Interpelado pel’O Cola, Rodrigo Machado afirma que o cumprimento do PNAES não deveria nunca ter sido adiado, face à sua urgência, aproveitando ainda para criticar o governo e a sua capacidade, ou falta dela, para cumprir promessas. Também Patrícia Gilvaz faz a mesma crítica, afirmando que a construção de novas residências é «uma necessidade latente» e que é preciso pressionar os órgãos governativos. António Morgado, por sua vez, aponta para a necessidade de fiscalizar a execução das medidas, já que crê que o problema passa, também, por aí. Já o representante do PSD opta por uma abordagem mais simples, ainda que mais radical: «a solução é mudar o governo».

Um mês depois, contudo, a crise habitacional já não está nas bocas do mundo e parece já não preocupar tanto os nossos governantes, quando comparada às questões da TAP ou de João Galamba. O problema, contudo, persiste e foi nesse sentido que O Cola entrou em contacto com os fundadores do movimento Habitação de Abril, Beatriz Mestre, Vítor Hugo Mendonça, José Afonso Garcia e Vítor Fernandes, que nos responderam a algumas questões acerca do balanço que fazem do debate e do que o futuro ainda reserva para o movimento.


O Cola (OC): Passado um mês, e tendo também tido oportunidade para ouvir o feedback dos estudantes, qual é a opinião dos fundadores do movimento em relação ao debate?
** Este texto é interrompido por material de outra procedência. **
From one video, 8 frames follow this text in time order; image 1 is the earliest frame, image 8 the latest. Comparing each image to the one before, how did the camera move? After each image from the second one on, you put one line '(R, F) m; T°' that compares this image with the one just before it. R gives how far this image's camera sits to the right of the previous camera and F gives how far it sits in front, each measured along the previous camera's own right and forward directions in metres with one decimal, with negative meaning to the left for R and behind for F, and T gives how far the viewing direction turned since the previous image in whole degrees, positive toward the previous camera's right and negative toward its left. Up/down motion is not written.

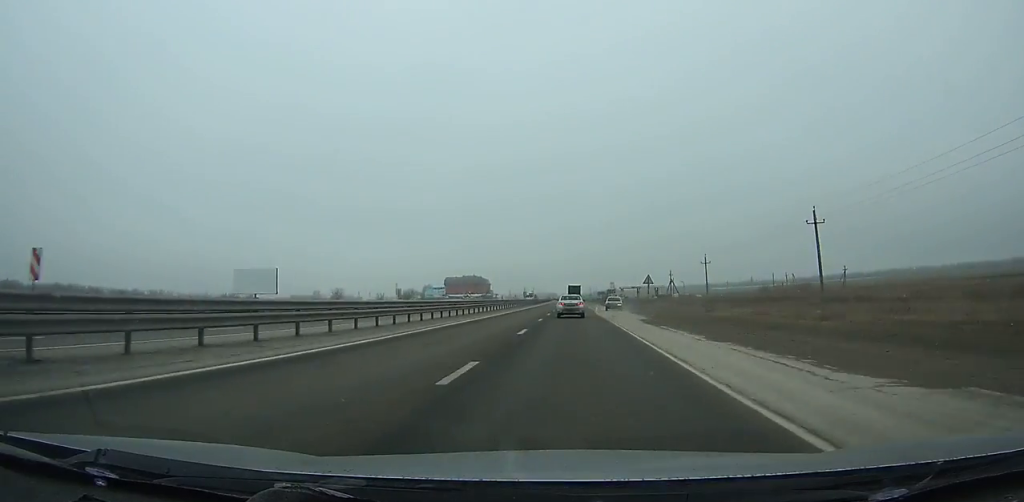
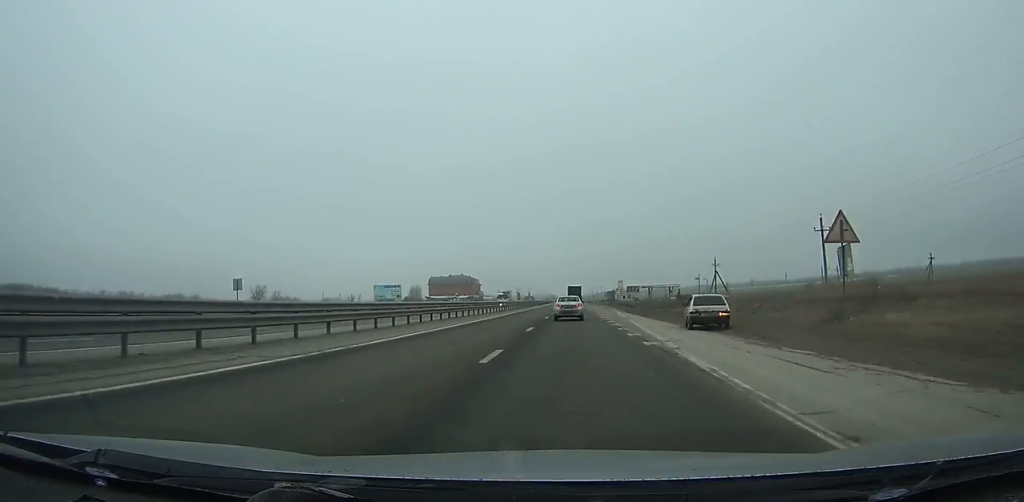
(-0.1, +45.0) m; 0°
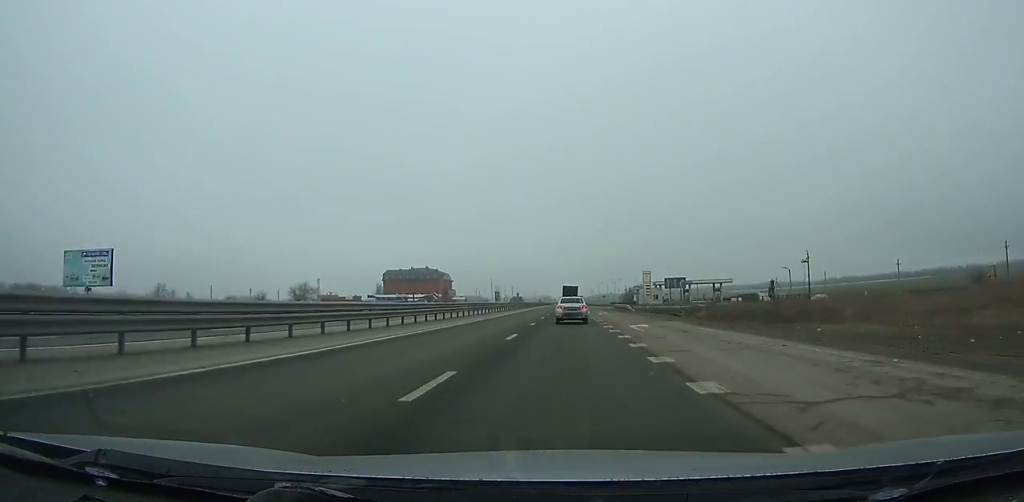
(0.0, +84.3) m; 0°
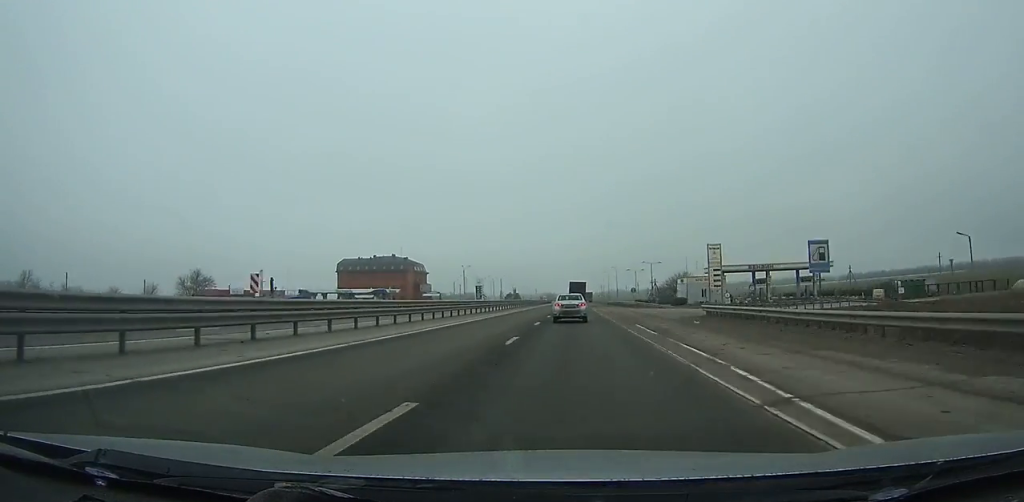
(0.0, +61.9) m; 0°
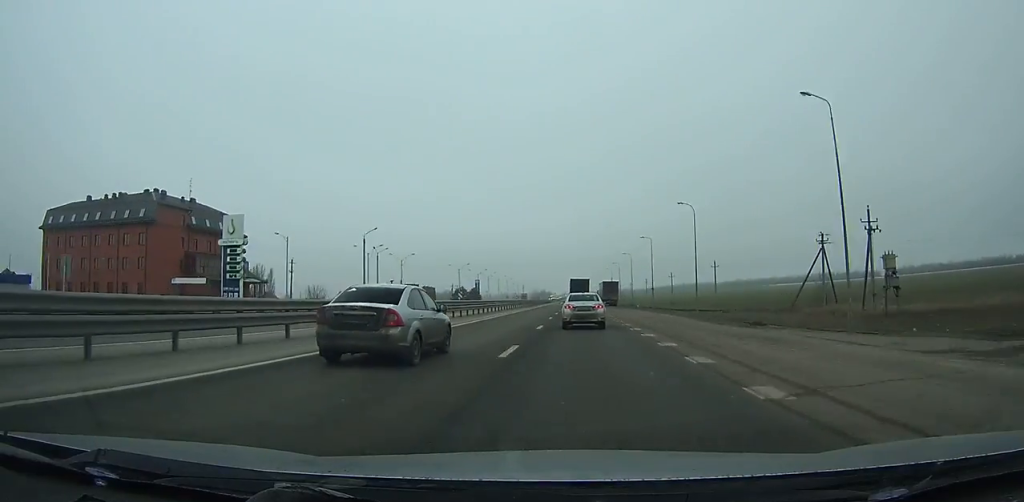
(-0.2, +132.8) m; 0°
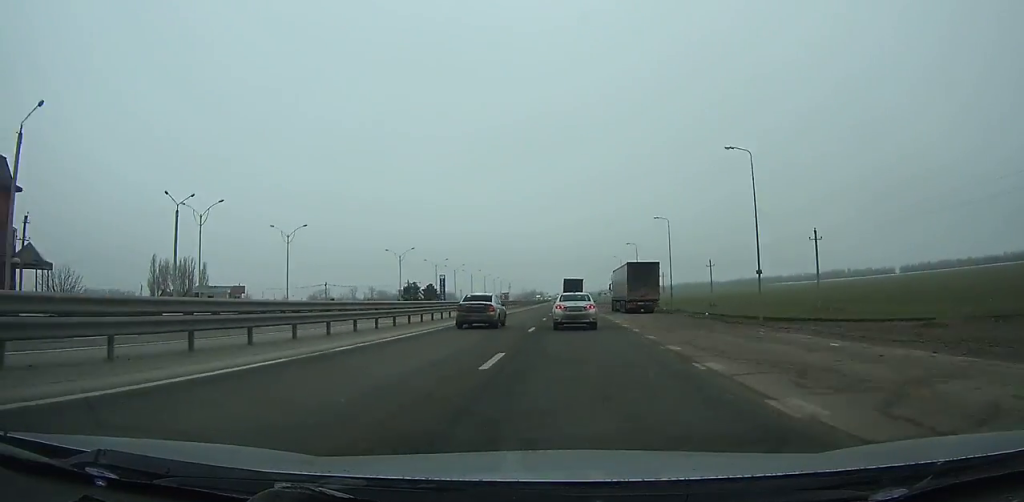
(+0.3, +49.4) m; 0°
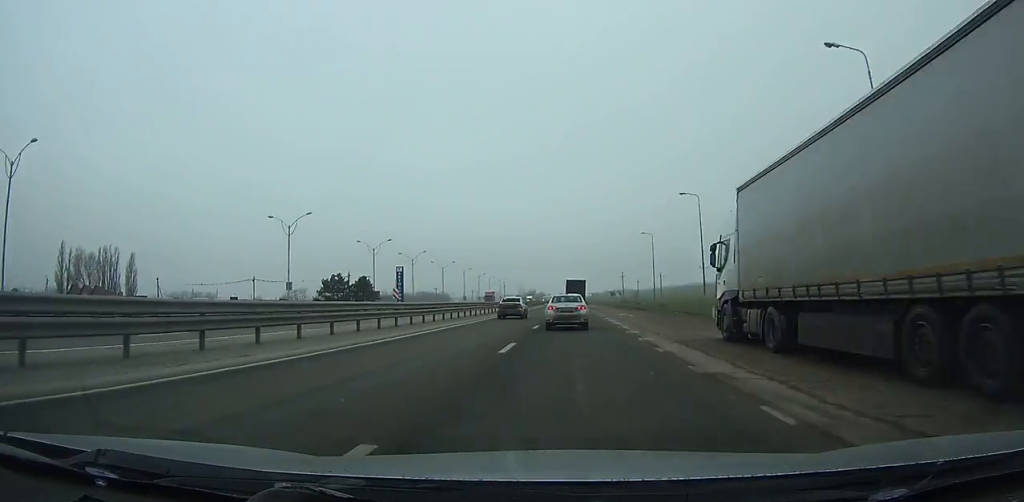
(+0.1, +45.0) m; 0°
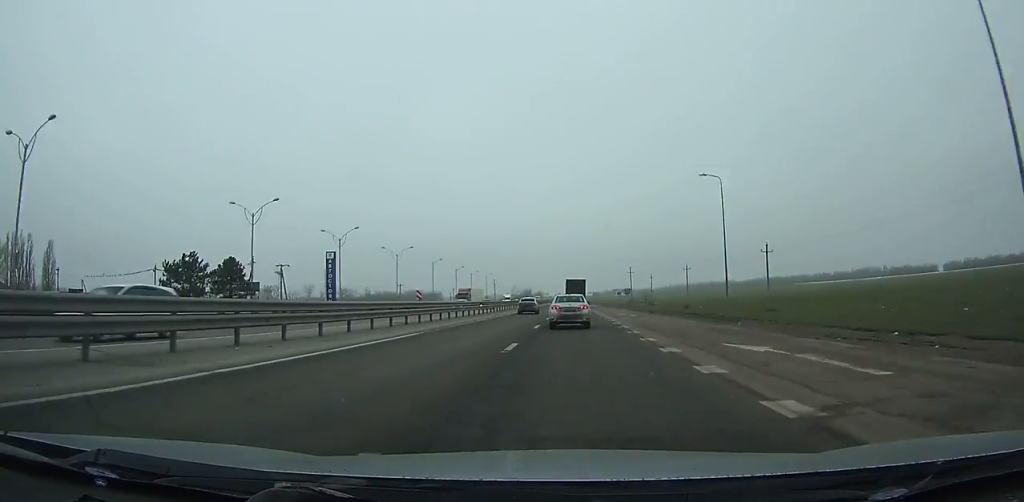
(0.0, +36.3) m; 0°

Quais eram as vossas expectativas e de que forma é que se concretizaram, ou não?

Movimento Habitação de Abril (MHA): Depois de um mês bastante precioso para refletir e meditar acerca do debate que organizámos na FLUL, o balanço que fazemos é geralmente positivo: o debate de ideias é algo fundamental quando lidamos com qualquer problemática social, mas não significa que não exista espaço - e muito espaço - para expandir o projeto de debates sobre a habitação no futuro. A nossa expectativa passava, em grande parte, por um debate rico em ideias, em que fossem apresentadas soluções úteis e exequíveis e se sentisse algum tipo de apoio dos grupos partidários intervenientes; o que vivemos, porém, foi uma grande sessão de pancadaria partidária, que desaguou num discurso vazio e sem apresentação de soluções concretas. Mesmo que alguns dos intervenientes tenham feito muito bons diagnósticos da problemática atual, a verdade é que não nos sentimos apoiados e ouvidos o suficiente. A nossa ambição, em eventos futuros, será trazer convidados especialistas na área e com um conhecimento técnico mais relevante, de modo a enriquecer a possibilidade de alcançar soluções que melhorem a qualidade de vida dos estudantes.
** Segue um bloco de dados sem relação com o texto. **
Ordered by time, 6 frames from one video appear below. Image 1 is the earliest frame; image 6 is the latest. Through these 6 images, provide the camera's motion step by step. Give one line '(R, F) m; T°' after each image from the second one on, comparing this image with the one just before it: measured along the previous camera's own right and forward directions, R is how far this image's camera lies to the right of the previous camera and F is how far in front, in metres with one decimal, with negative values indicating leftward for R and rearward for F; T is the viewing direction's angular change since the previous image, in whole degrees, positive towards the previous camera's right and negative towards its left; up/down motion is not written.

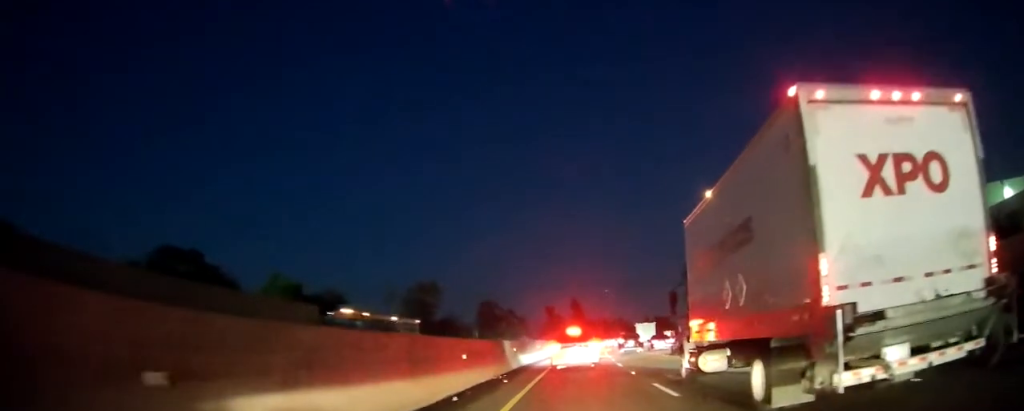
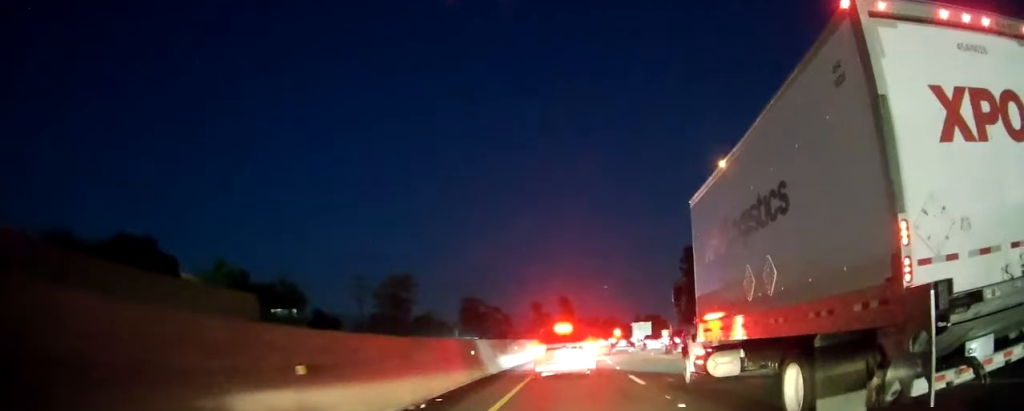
(-0.1, +12.9) m; +1°
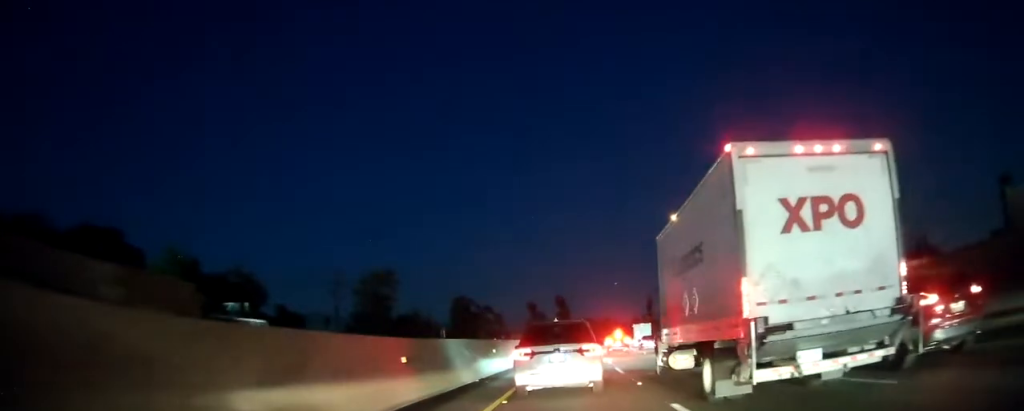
(+0.1, +11.9) m; -1°
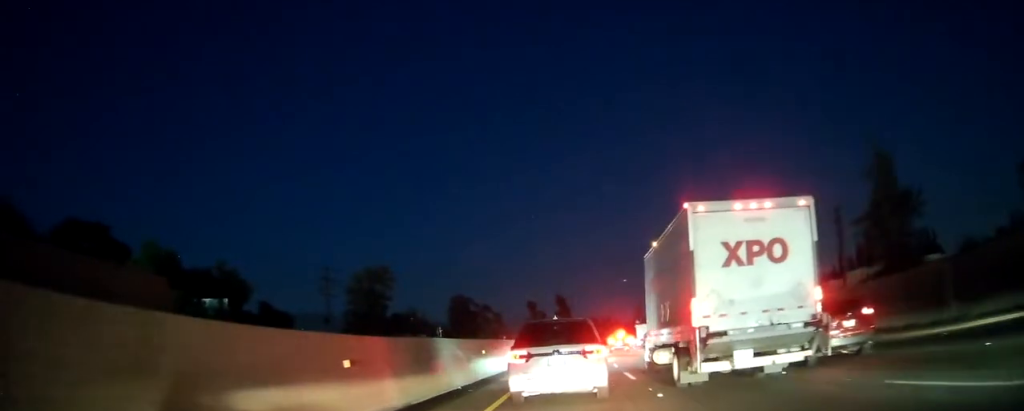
(+0.1, +4.9) m; +5°
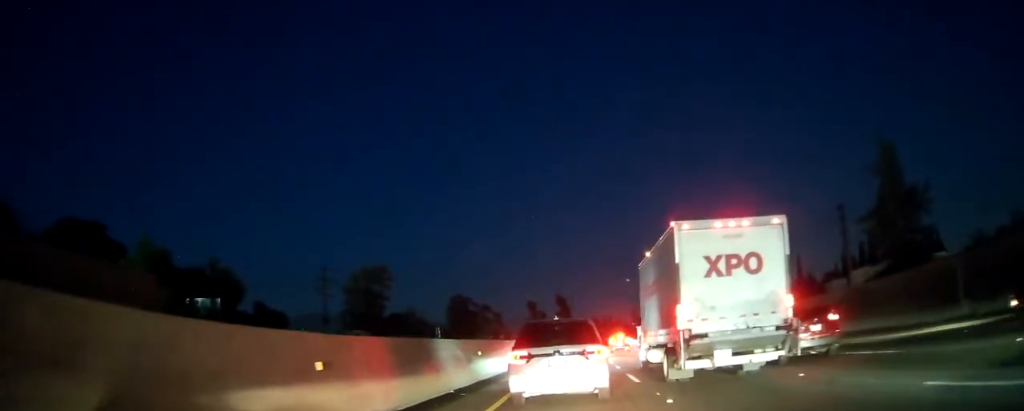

OC: Tendo plena consciência de que o problema habitacional não é recente, nem será resolvido num piscar de olhos, o que é que o futuro reserva à Habitação de Abril? Quais são os próximos passos?

MHA: Tendo sempre presente que a crise habitacional é um problema estrutural e que requer soluções concretas a longo prazo, é crucial continuar a trabalhar para alcançar os nossos objetivos políticos e associativos. Assim sendo, o nosso futuro passará pela continuidade da nossa luta e da pressão aos dirigentes políticos que não nos ouvem e não respeitam a batalha que travamos. O próximo passo para o Habitação de Abril será continuar a pressionar a sociedade civil para que enfatize esta problemática que tanto nos aflige, sempre com a irreverência estudantil que nos é característica e dinamizando mais ações de protesto que evoquem o espírito de Abril e das Crises Académicas.


Entretanto, mais um ano letivo se aproxima do fim, e podemos facilmente contar com vinte mil novas entradas no ensino superior já em setembro de 2023. Haverá cama para os próximos? Ou montaremos de novo a tenda na Alameda da Universidade?


Fotografia de Movimento Habitação Abril

[1] O Conselho Nacional de Juventude foi criado em 1985 e é «a plataforma representativa das organizações da juventude no âmbito nacional, abrangendo as mais diversas expressões do associativismo juvenil». Mais informações em https://www.cnj.pt/#. [2] As perguntas foram colocadas consoante a disponibilidade dos oradores. Tendo o contacto ocorrido após o debate, alguns deles estavam já de saída, razão pela qual responderam apenas a uma pergunta. A representante do PCP, Alma Rivera, não respondeu a qualquer questão, uma vez que abandonou o debate antes da conclusão do mesmo.